Third-party tests support claim for crosslinking spray adhesive
Aerospace manufacturers who adopt vacuum infusion processes are discovering what processors of boat hulls and wind turbine blades already know: Placement of multiple plies of slippery dry fiber reinforcements in molds with vertical sides or tight radii is problematic. Although a common trick of the trade is to use a spray adhesive to temporarily hold the materials in place until placement of the vacuum bag and subsequent injection, general-purpose spray adhesives, applied too thickly or unevenly, can retard or block resin flow through the reinforcements. The resulting voids or “dry spots” are hidden structural weaknesses and raise the risk of delamination under load. In some cases, small bubbles of uncured resin that could not disperse during infusion can cause osmotic blistering. Water that enters thought the blister encounters the resin, forming an acidic solution that eventually breaks through to the laminate surface, causing a hole.

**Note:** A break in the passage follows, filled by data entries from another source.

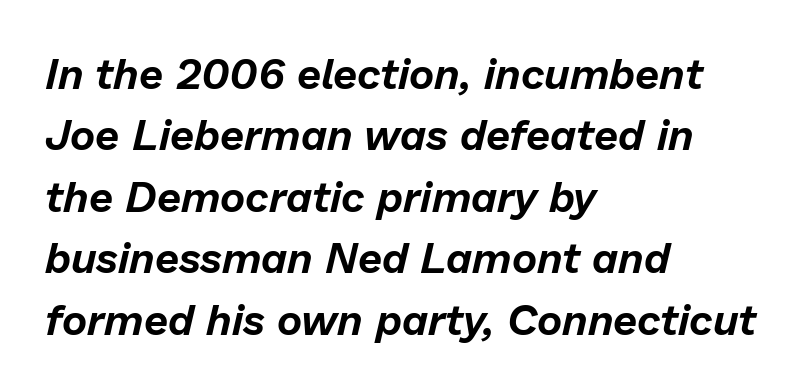
Q: Is the text italic (slanted)? A: Yes, it leans right by about 13 degrees.
Q: Is the text underlined? A: No.
Q: How is the paragraph aligned? A: Left-aligned.
Q: Is the spacing between letters normal or unusually wide? A: Normal.
Q: Is the spacing between lines tight, normal or loose? A: Normal.
Q: Width (condensed, normal, or wide)? A: Normal.
Q: Stroke contrast? A: Low.
Q: x-height? A: Medium.
Q: Monospaced? A: No.
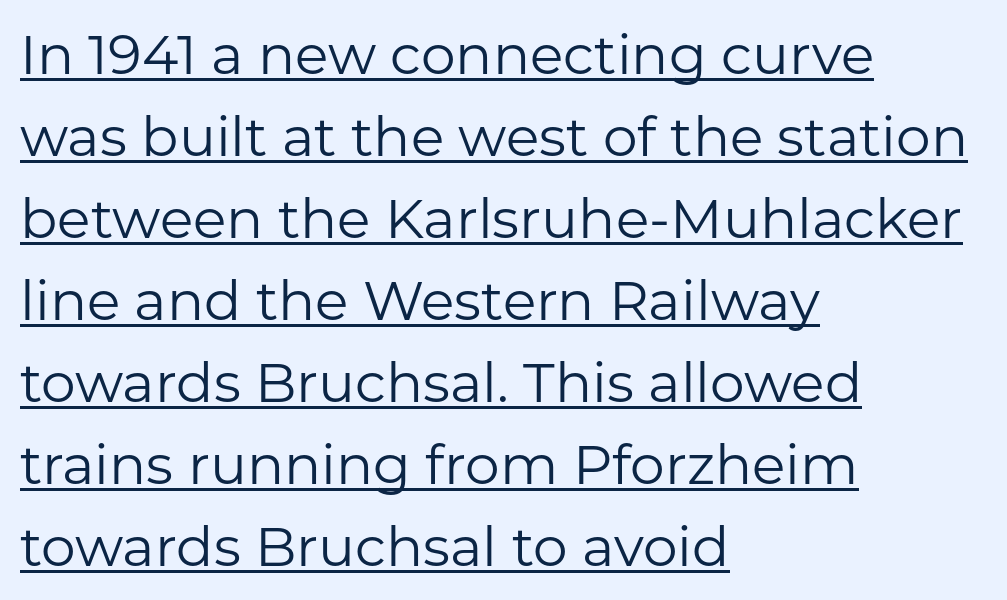
The image shows 55 px regular-weight sans-serif type, upright; set left-aligned, normal line spacing (1.49x), normal letter spacing, underlined; low stroke contrast and a medium x-height.
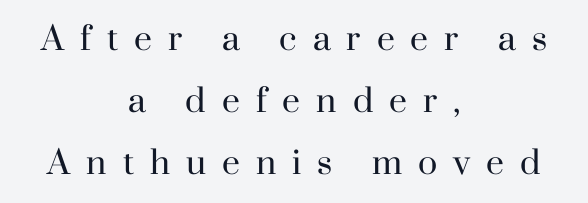
{"serif": "yes", "italic": "no", "bold": "no", "weight": "regular", "width": "normal", "stroke_contrast": "high", "x_height": "small", "monospaced": "no", "underline": "no", "align": "center", "line_spacing": "loose", "line_spacing_ratio": 1.94, "letter_spacing": "wide", "letter_spacing_em": 0.5, "glyph_px": 32}
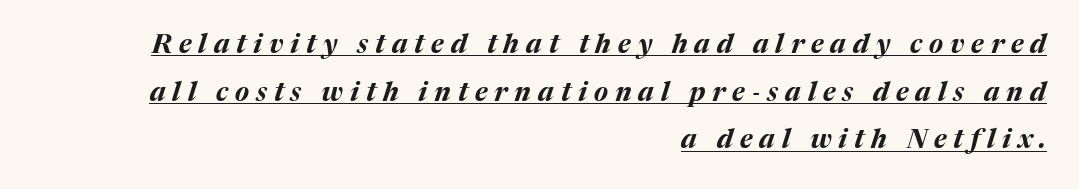
Q: Is the text bold? A: Yes.
Q: Is the text italic (slanted)? A: Yes, it leans right by about 17 degrees.
Q: Is the text underlined? A: Yes.
Q: How is the paragraph aligned? A: Right-aligned.
Q: Is the spacing between letters normal or unusually wide? A: Unusually wide.
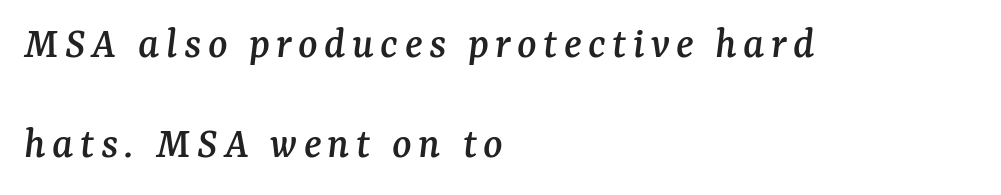
Q: Is the text italic (slanted)? A: Yes, it leans right by about 7 degrees.
Q: Is the typeface a serif or a sans-serif typeface? A: Serif.
Q: Is the text underlined? A: No.
Q: How is the paragraph aligned? A: Left-aligned.
Q: Is the spacing between lines tight, normal or loose? A: Loose.
Q: Width (condensed, normal, or wide)? A: Normal.
Q: Stroke contrast? A: Medium.
Q: x-height? A: Medium.
Q: Monospaced? A: No.
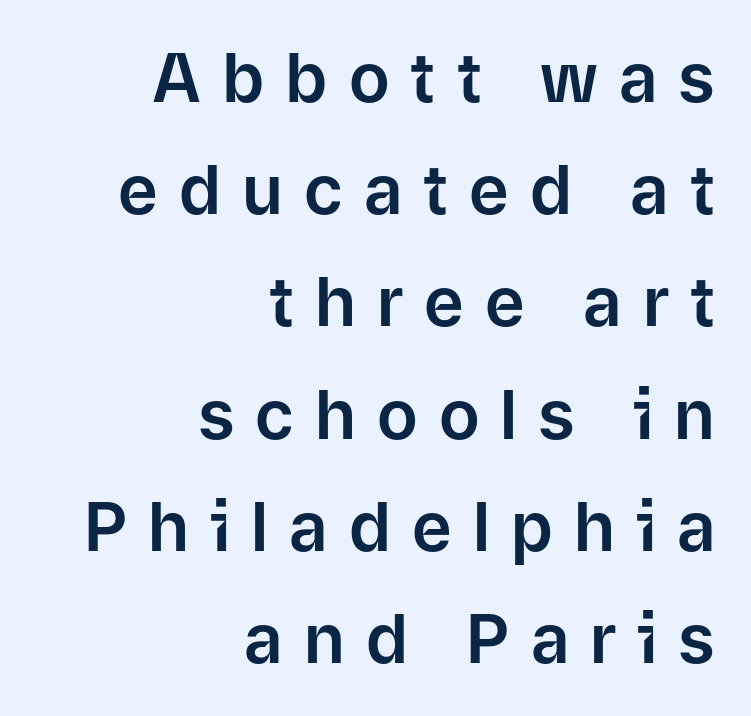
Q: Is the text italic (slanted)? A: No, it is upright.
Q: Is the typeface a serif or a sans-serif typeface? A: Sans-serif.
Q: Is the text underlined? A: No.
Q: How is the paragraph aligned? A: Right-aligned.
Q: Is the spacing between letters normal or unusually wide? A: Unusually wide.
Q: Is the spacing between lines tight, normal or loose? A: Normal.
Q: Width (condensed, normal, or wide)? A: Normal.
Q: Stroke contrast? A: Low.
Q: x-height? A: Medium.
Q: Monospaced? A: No.
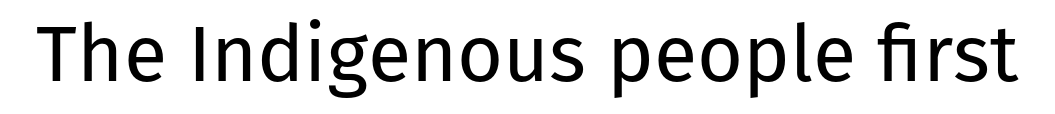
The image shows 79 px regular-weight sans-serif type, upright; set normal letter spacing, not underlined; low stroke contrast and a medium x-height.
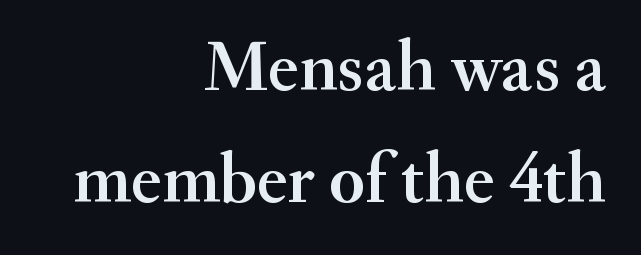
{"serif": "yes", "italic": "no", "width": "normal", "stroke_contrast": "medium", "x_height": "small", "monospaced": "no", "underline": "no", "align": "right", "line_spacing": "normal", "line_spacing_ratio": 1.54, "letter_spacing": "normal", "letter_spacing_em": 0.0, "glyph_px": 73}
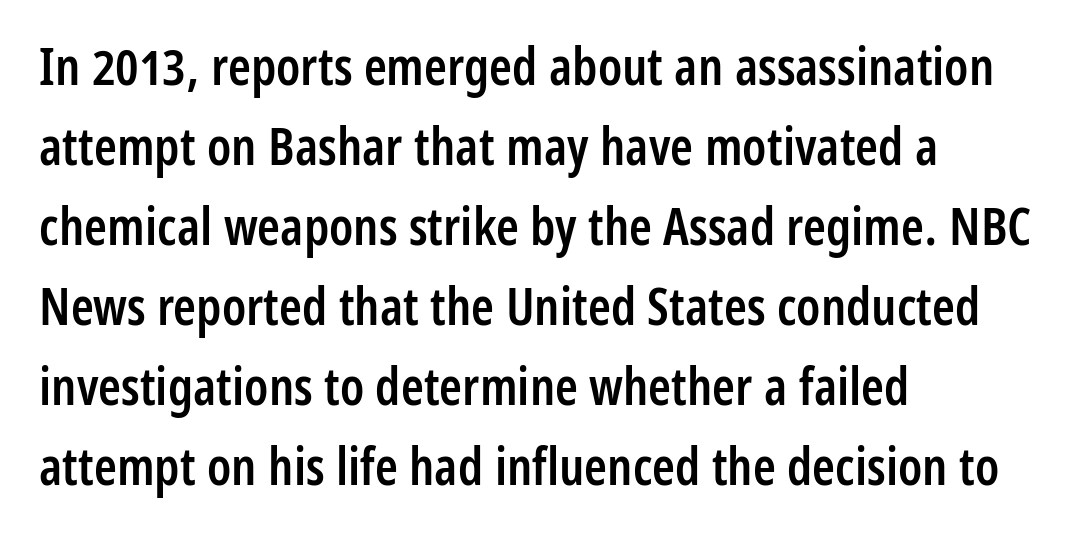
The image shows 52 px semibold, condensed sans-serif type, upright; set left-aligned, normal line spacing (1.54x), normal letter spacing, not underlined; low stroke contrast and a medium x-height.
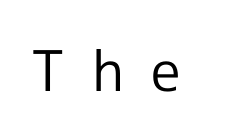
The image shows 56 px regular-weight sans-serif type, upright; set unusually wide letter spacing (+0.48 em), not underlined; a medium x-height.
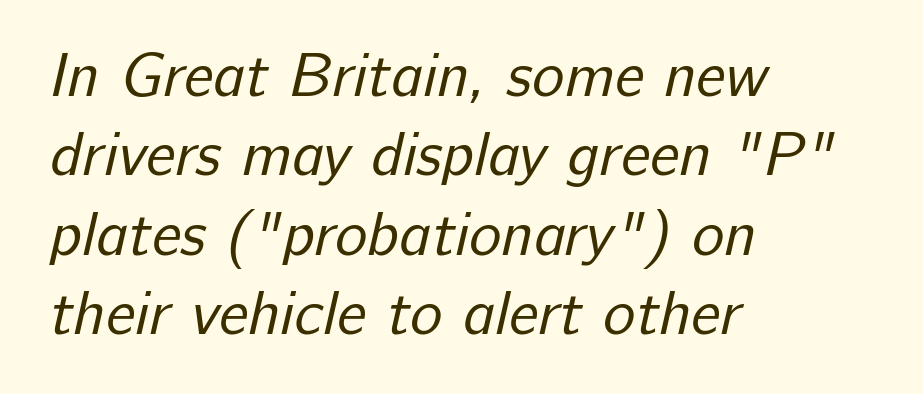
The letterforms sit at book weight or below. The tracking reads as untouched default to a designer's eye. The letters advance in unequal steps, a hallmark of proportional type. Whoever set this chose a conventional vertical rhythm. Plain, unruled lines of type.
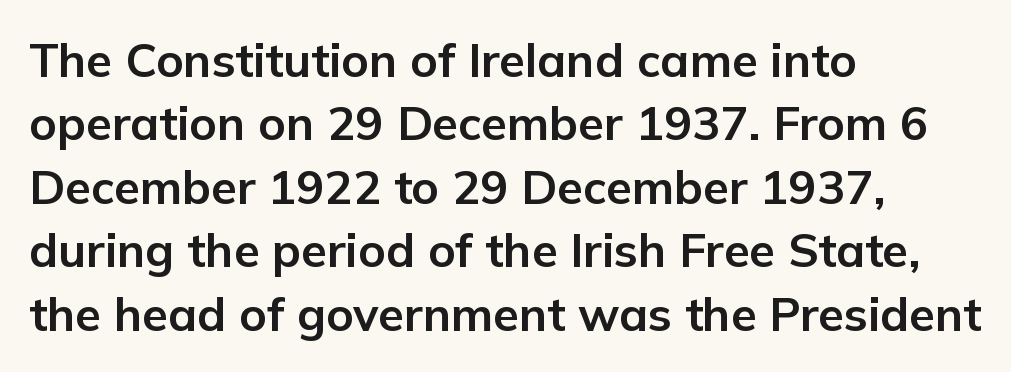
{"serif": "no", "italic": "no", "bold": "yes", "weight": "bold", "width": "normal", "stroke_contrast": "low", "x_height": "medium", "monospaced": "no", "underline": "no", "align": "left", "line_spacing": "normal", "line_spacing_ratio": 1.35, "letter_spacing": "normal", "letter_spacing_em": 0.0, "glyph_px": 47}
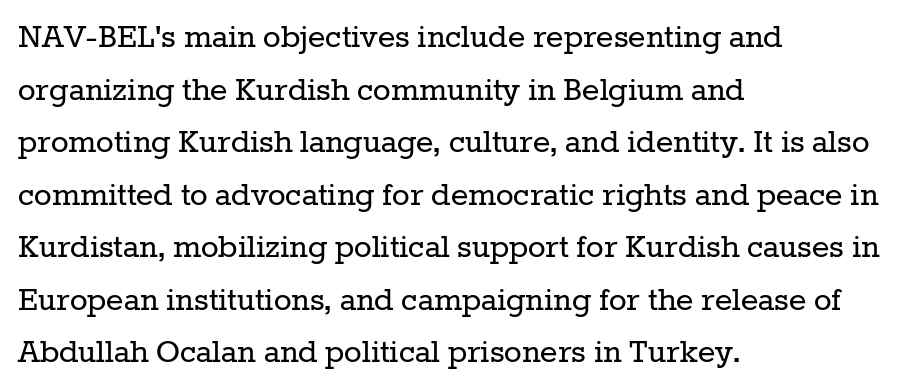
Q: Is the text bold? A: No.
Q: Is the text italic (slanted)? A: No, it is upright.
Q: Is the typeface a serif or a sans-serif typeface? A: Serif.
Q: Is the text underlined? A: No.
Q: How is the paragraph aligned? A: Left-aligned.
Q: Is the spacing between letters normal or unusually wide? A: Normal.
Q: Is the spacing between lines tight, normal or loose? A: Normal.
Q: Width (condensed, normal, or wide)? A: Normal.
Q: Stroke contrast? A: Low.
Q: x-height? A: Medium.
Q: Monospaced? A: No.
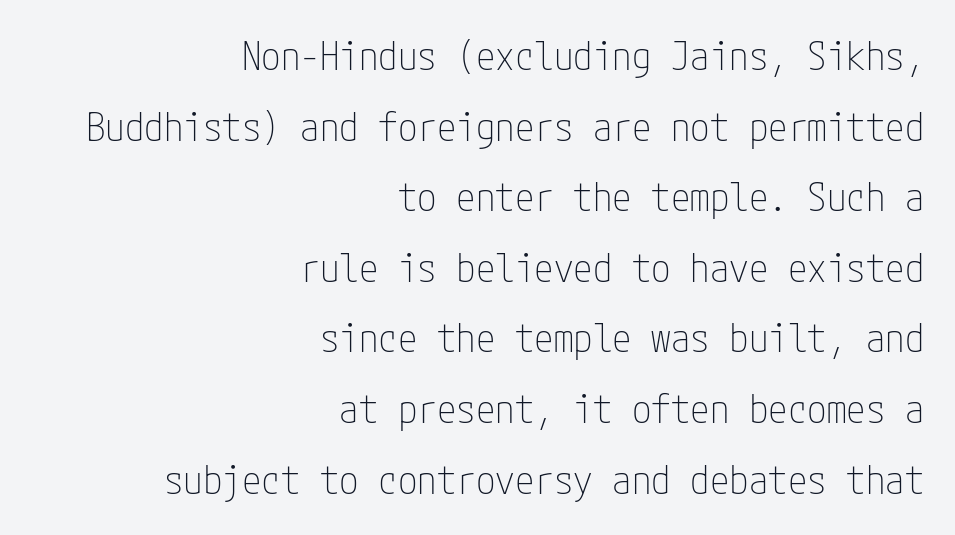
Q: Is the text bold? A: No.
Q: Is the text italic (slanted)? A: No, it is upright.
Q: Is the typeface a serif or a sans-serif typeface? A: Sans-serif.
Q: Is the text underlined? A: No.
Q: How is the paragraph aligned? A: Right-aligned.
Q: Is the spacing between letters normal or unusually wide? A: Normal.
Q: Width (condensed, normal, or wide)? A: Condensed.
Q: Stroke contrast? A: Low.
Q: x-height? A: Medium.
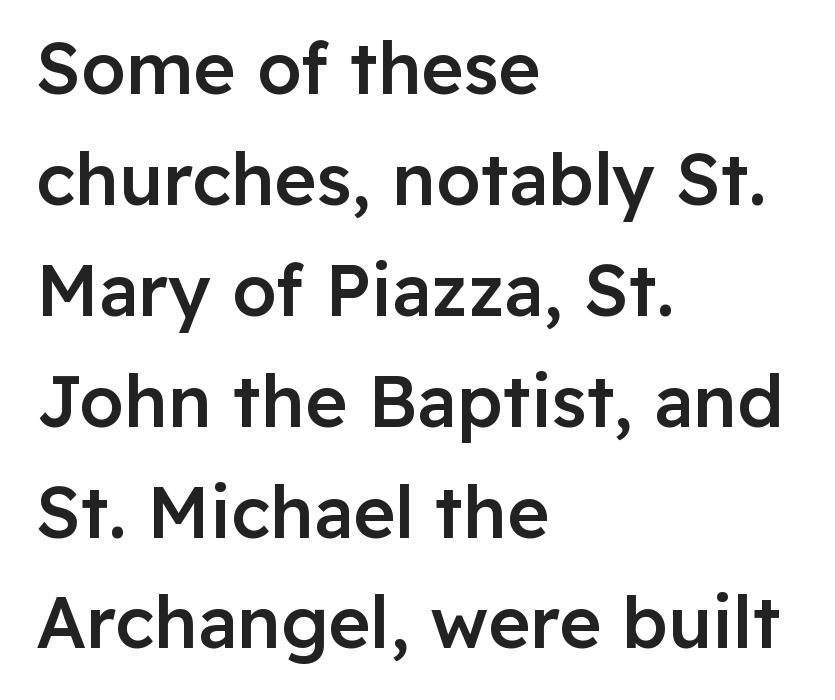
{"serif": "no", "italic": "no", "bold": "semi", "weight": "semibold", "width": "normal", "stroke_contrast": "low", "x_height": "medium", "monospaced": "no", "underline": "no", "align": "left", "line_spacing": "normal", "line_spacing_ratio": 1.54, "letter_spacing": "normal", "letter_spacing_em": 0.0, "glyph_px": 72}
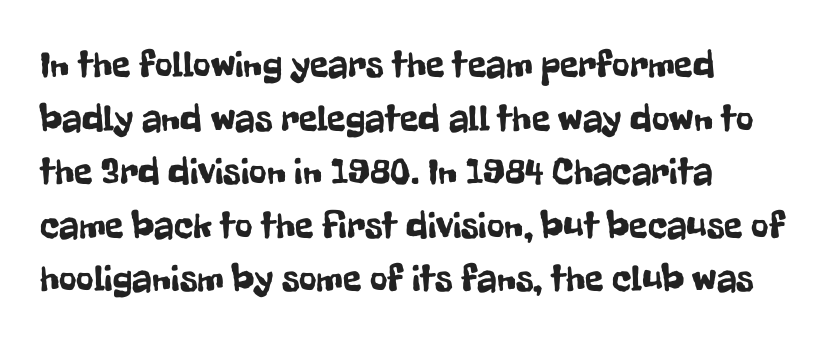
The typeface chosen for these lines omits serifs. Each new line begins a customary step beneath the previous one. Here the designer chose a conventional face with non-uniform glyph widths. In terms of posture, this sample is upright.
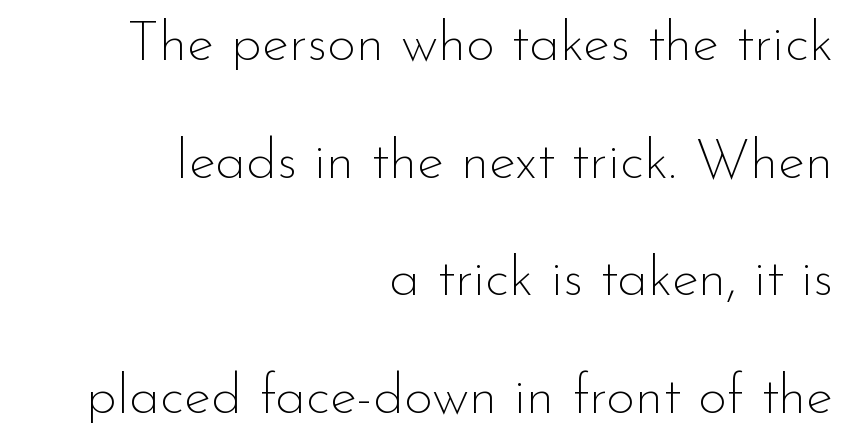
Q: Is the text bold? A: No.
Q: Is the text italic (slanted)? A: No, it is upright.
Q: Is the typeface a serif or a sans-serif typeface? A: Sans-serif.
Q: Is the text underlined? A: No.
Q: How is the paragraph aligned? A: Right-aligned.
Q: Is the spacing between letters normal or unusually wide? A: Normal.
Q: Is the spacing between lines tight, normal or loose? A: Loose.
Q: Width (condensed, normal, or wide)? A: Normal.
Q: Stroke contrast? A: Low.
Q: x-height? A: Small.
Q: Monospaced? A: No.

In 2004, Westech Aerosol Corp. (Port Orchard, Wash., USA) introduced InfuZene, a high-temperature, solvent-based spray adhesive tailored for infusion. According to the company, the adhesive fuses reinforcing fabrics to core material or other reinforcements, but doesn’t interfere with resin cure. Instead, Westech says, it is designed to crosslink and cure with vinyl ester, polyester or other styrenated thermoset resin during infusion.
Recent tests confirm these claims. One test, conducted for the company by an independent university composites-testing laboratory, showed that infused laminates made with Infuzene were up to 30 percent stronger in interlaminar shear strength than laminates made with a leading general-purpose spray adhesive, as measured by ASTM 2344 (Short Beam Shear Strength). In a separate trial, overseen by testing firm CRITT Materiaux Poitou-Charentes (Rochefort, France), Infuzene adhesive was tested alongside an adhesive product typically used in the yachtbuilding industry. The conclusion was that Infuzene showed a superior resistance to osmotic aging vs. the other tested product, which started blistering after only five days of exposure to a laminar flow of water.